To perform this test the clinician will close the ear by gently pressing the tragus against the ear canal. This stops the ambient noise from the surroundings to interfere with the results. This is the unique step in the ABC test. Now The clinician will place a vibrating tuning fork on the patient’s mastoid, when the patient stops hearing the sound they will signal the clinician. The clinician then transfers the same tuning fork to their mastoid to check if they can still hear the sound.
It is used to detect hearing loss in an ear by comparing the time required for bone conduction versus air conduction.

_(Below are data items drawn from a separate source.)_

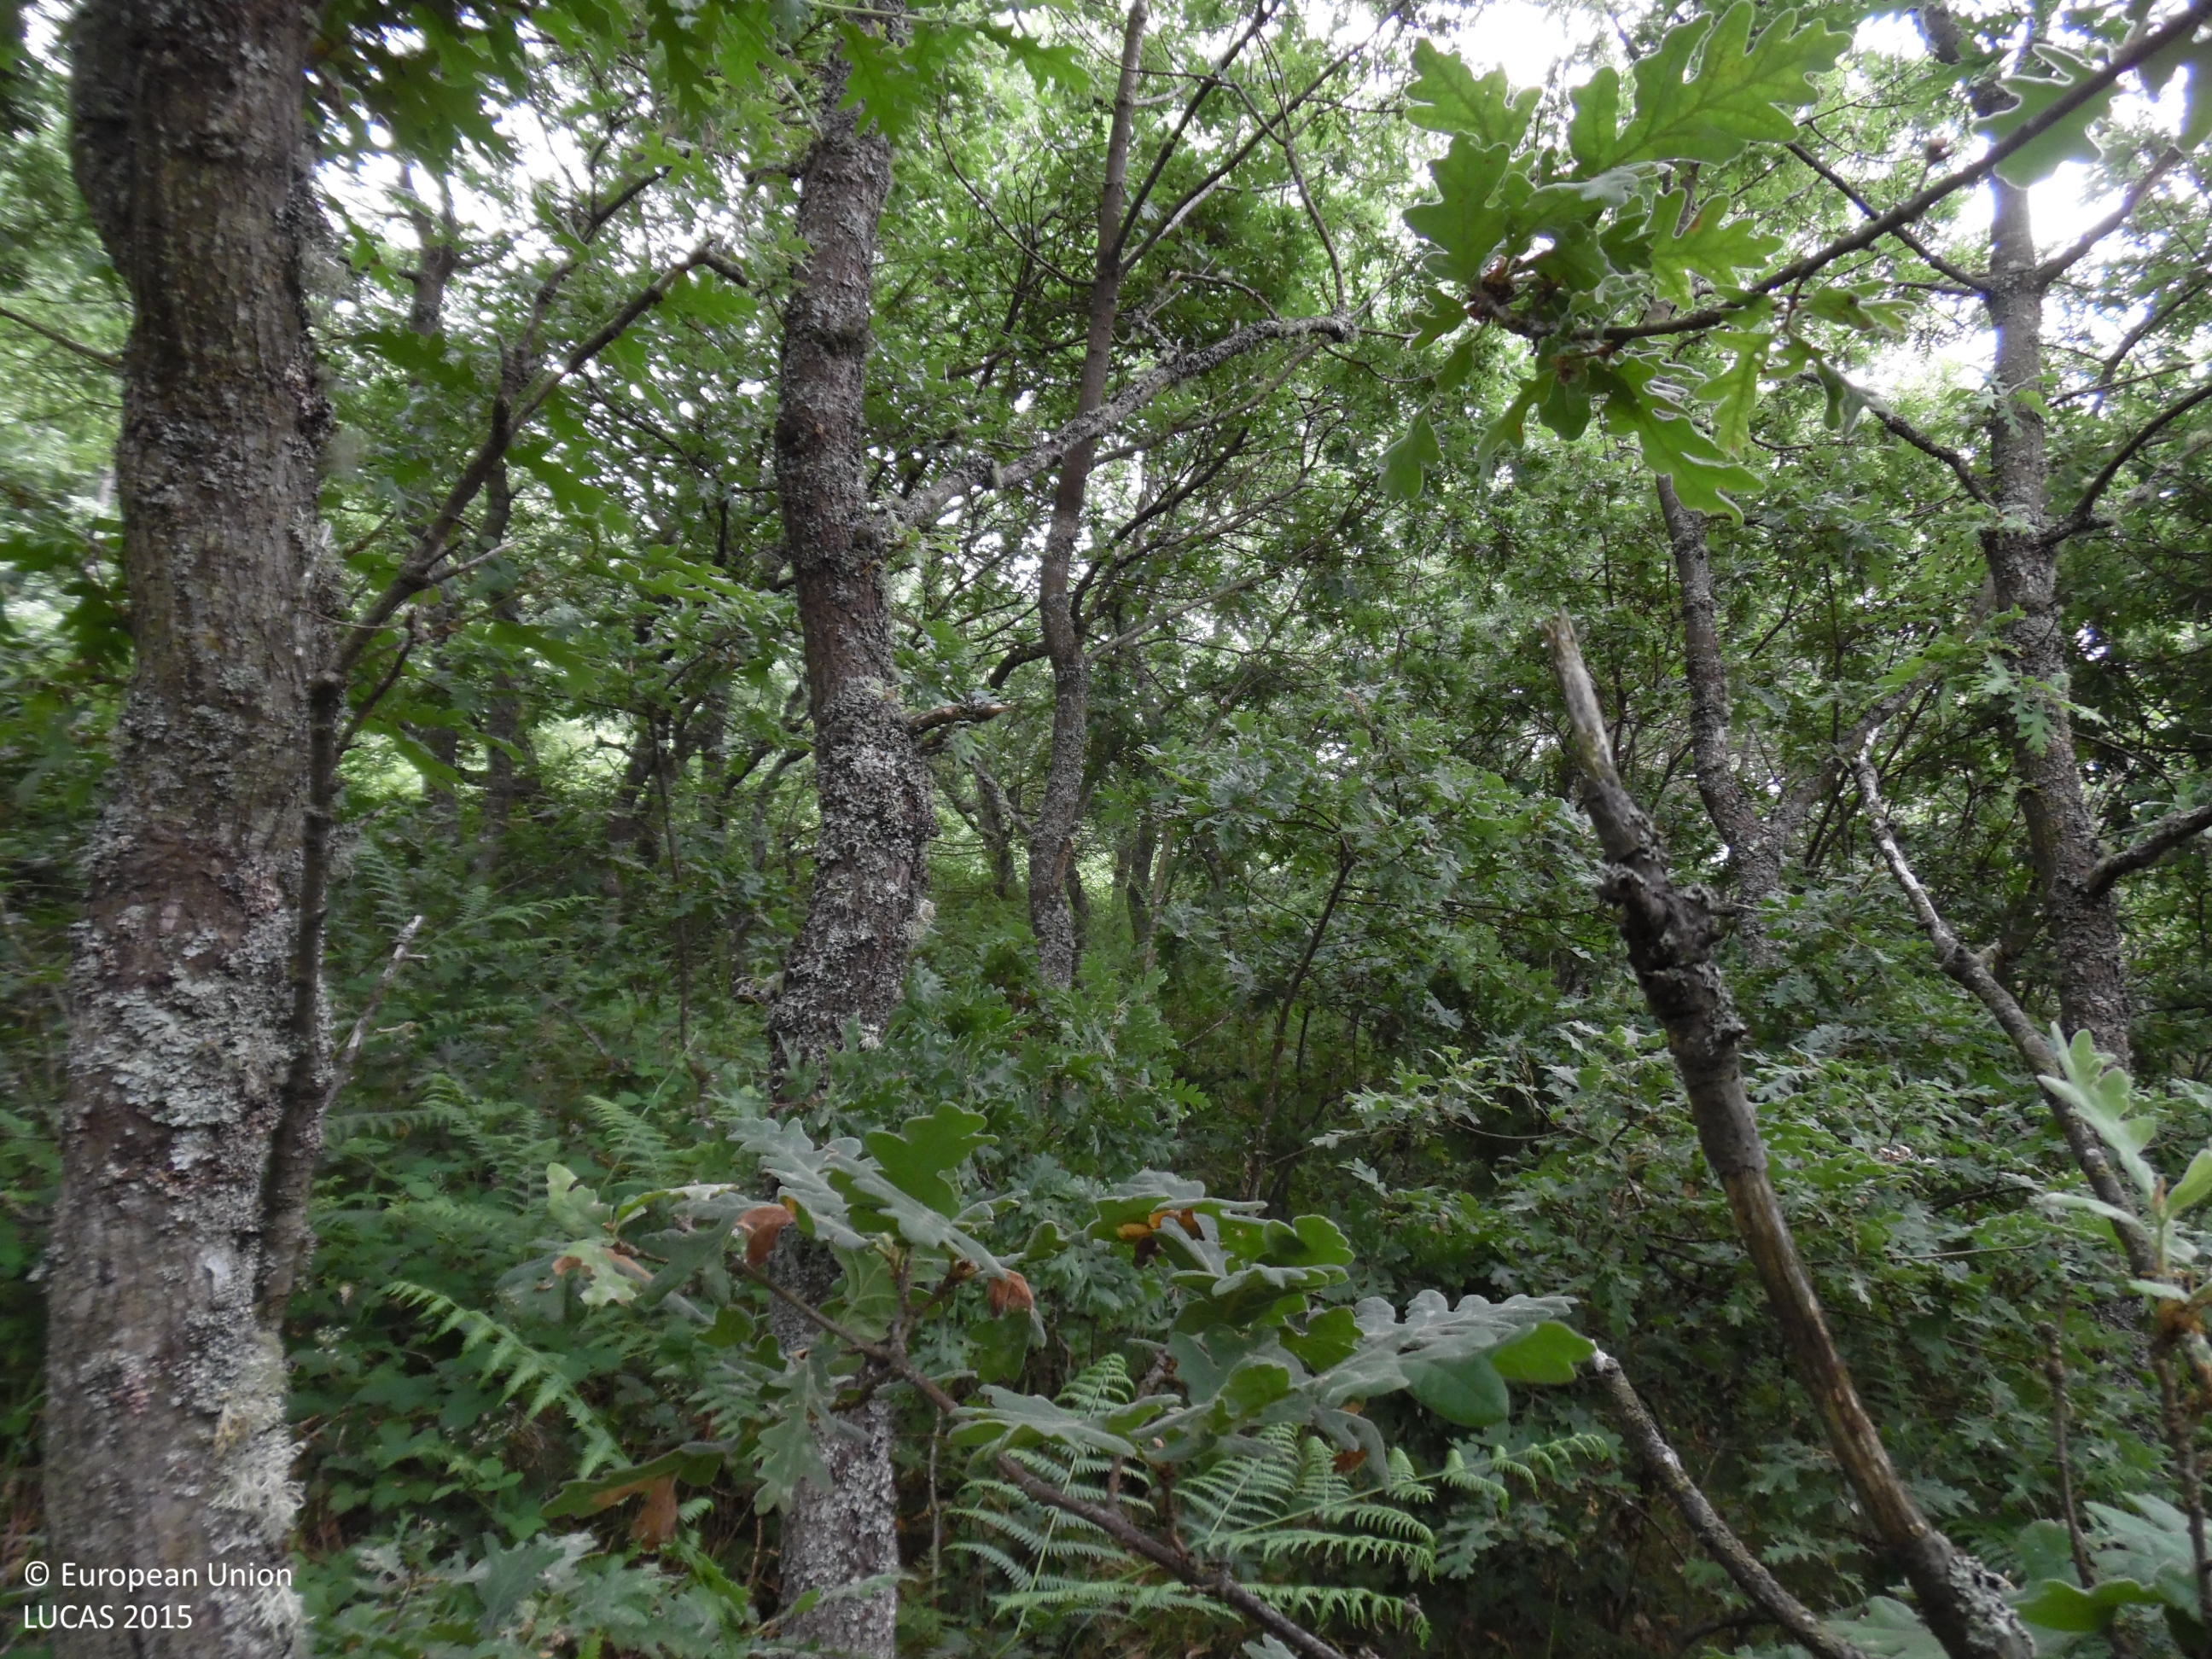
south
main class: Woodland
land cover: Broadleaved woodland
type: thermophilous deciduous forest
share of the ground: > 75 %
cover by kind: broadleaved forest trees 90 %, shrubs 5 %, consolidated bare surface 5 %
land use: Forestry
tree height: > 5 m
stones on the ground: < 10 %
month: July
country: ES
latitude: 43.1895
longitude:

A patient with profound sensorineural deafness may give out a false negative Rinne test. When a patient has completely lost hearing in one ear and a vibrating tuning fork is placed on the mastoid of that ear, the patient does not hear anything in that ear. However, these vibrations travel through bone conduction to the inner ear of the opposite ear, and the patient hears a sound. This can confuse the patient as they are unable to identify in which ear they can hear the sound.
A Schwabach test is performed to check the patient’s bone physical phenomenon called conductivity in comparison with the hearing of a healthy person.